## [Task directions]
Restate, word for word and with no pictures, the stretch of lines in the data below that begins at the line with "The image shows 70" and ends at the line with "The image shows 80", inclusive.

## [Supplied material]
>>>

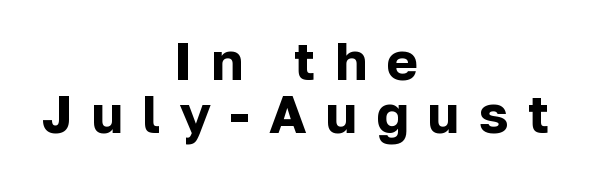
Q: Is the text bold? A: Yes.
Q: Is the text italic (slanted)? A: No, it is upright.
Q: Is the typeface a serif or a sans-serif typeface? A: Sans-serif.
Q: Is the text underlined? A: No.
Q: How is the paragraph aligned? A: Centered.
Q: Is the spacing between letters normal or unusually wide? A: Unusually wide.
Q: Is the spacing between lines tight, normal or loose? A: Tight.
Q: Width (condensed, normal, or wide)? A: Normal.
Q: Stroke contrast? A: Low.
Q: x-height? A: Medium.
Q: Monospaced? A: No.
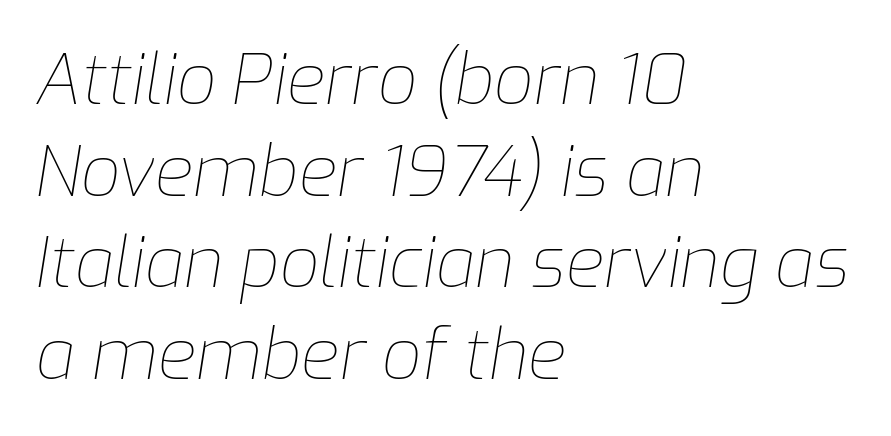
The image shows 70 px thin type, italic (leaning right); set left-aligned, normal line spacing (1.31x), normal letter spacing, not underlined; low stroke contrast and a medium x-height.
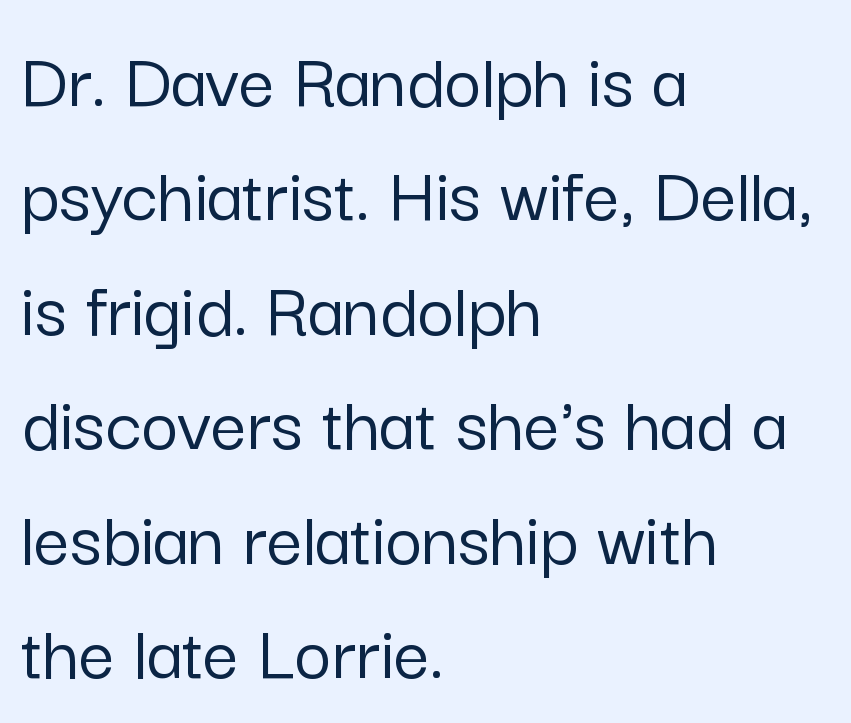
The image shows 80 px sans-serif type, upright; set left-aligned, normal line spacing (1.43x), normal letter spacing, not underlined; low stroke contrast and a medium x-height.
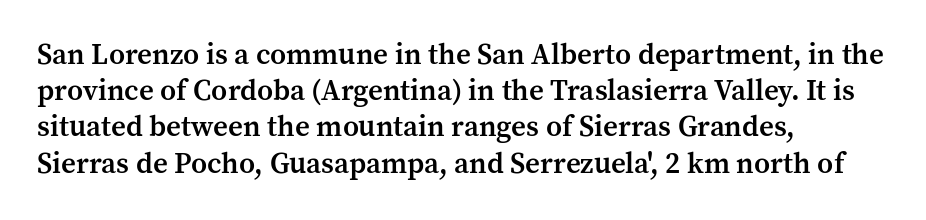
The lines in this sample share a left origin and differ only in where they stop. Every stem runs plumb, perpendicular to the baseline. Regarding leading, the lines here are spaced in the standard way. Default kerning and tracking; the words read as compact shapes.
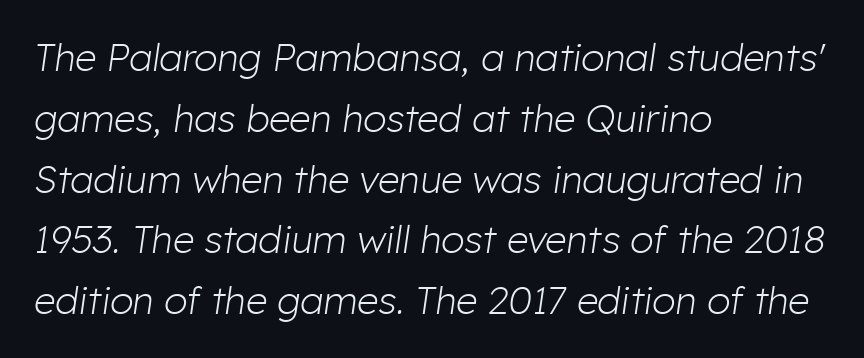
{"italic": "yes", "lean": "right", "slant_degrees": 8, "bold": "no", "weight": "light", "width": "normal", "stroke_contrast": "low", "x_height": "medium", "monospaced": "no", "underline": "no", "align": "left", "line_spacing": "normal", "line_spacing_ratio": 1.6, "letter_spacing": "normal", "letter_spacing_em": 0.0, "glyph_px": 38}
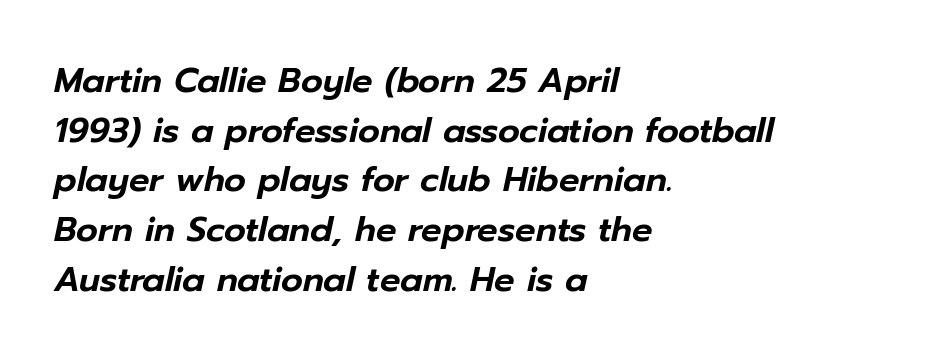
The image shows 34 px text type, italic (leaning right); set left-aligned, normal line spacing (1.46x), normal letter spacing, not underlined; low stroke contrast and a medium x-height.
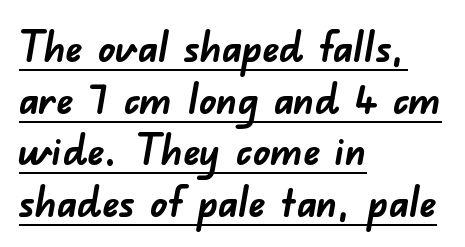
{"serif": "no", "bold": "yes", "weight": "semibold", "width": "normal", "stroke_contrast": "low", "x_height": "small", "monospaced": "no", "underline": "yes", "align": "left", "line_spacing_ratio": 1.23, "letter_spacing": "normal", "letter_spacing_em": 0.0, "glyph_px": 42}
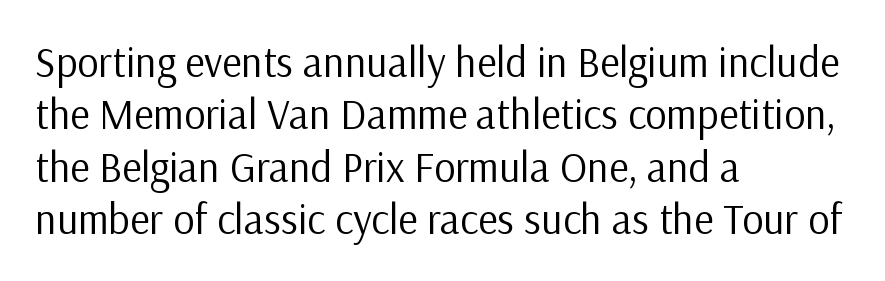
Q: Is the text bold? A: No.
Q: Is the text italic (slanted)? A: No, it is upright.
Q: Is the typeface a serif or a sans-serif typeface? A: Sans-serif.
Q: Is the text underlined? A: No.
Q: How is the paragraph aligned? A: Left-aligned.
Q: Is the spacing between letters normal or unusually wide? A: Normal.
Q: Is the spacing between lines tight, normal or loose? A: Normal.
Q: Width (condensed, normal, or wide)? A: Normal.
Q: Stroke contrast? A: Low.
Q: x-height? A: Medium.
Q: Monospaced? A: No.
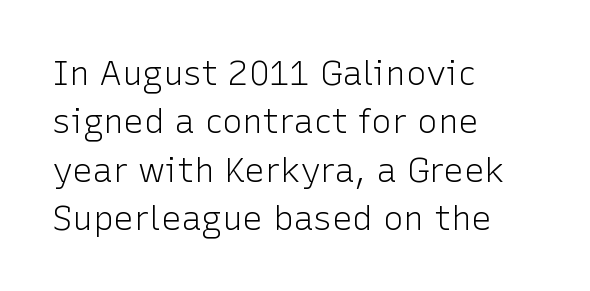
The letters advance in unequal steps, a hallmark of proportional type. Nope, no serifs anywhere on these letters. The letters sit at their default tracking, neither squeezed nor spread. Visually the block forms a straight wall on the left and a jagged coastline on the right. No italicization has been applied; the sample stays upright.
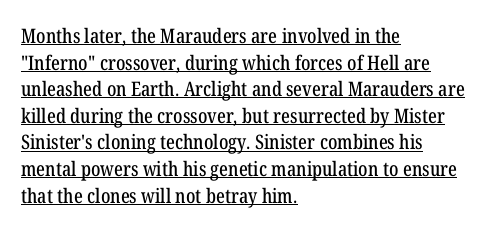
The rendered words wear a rule along their underside. Spacing between characters is what you'd get straight out of the box. The paragraph shown leans on its left margin. The lines sit at an ordinary, default distance from one another. If you drew a line through each stem, it would be perfectly vertical.

<<<

## [Problem solution]
The image shows 70 px thin type, italic (leaning right); set left-aligned, normal line spacing (1.31x), normal letter spacing, not underlined; low stroke contrast and a medium x-height.
The image shows 80 px sans-serif type, upright; set left-aligned, normal line spacing (1.43x), normal letter spacing, not underlined; low stroke contrast and a medium x-height.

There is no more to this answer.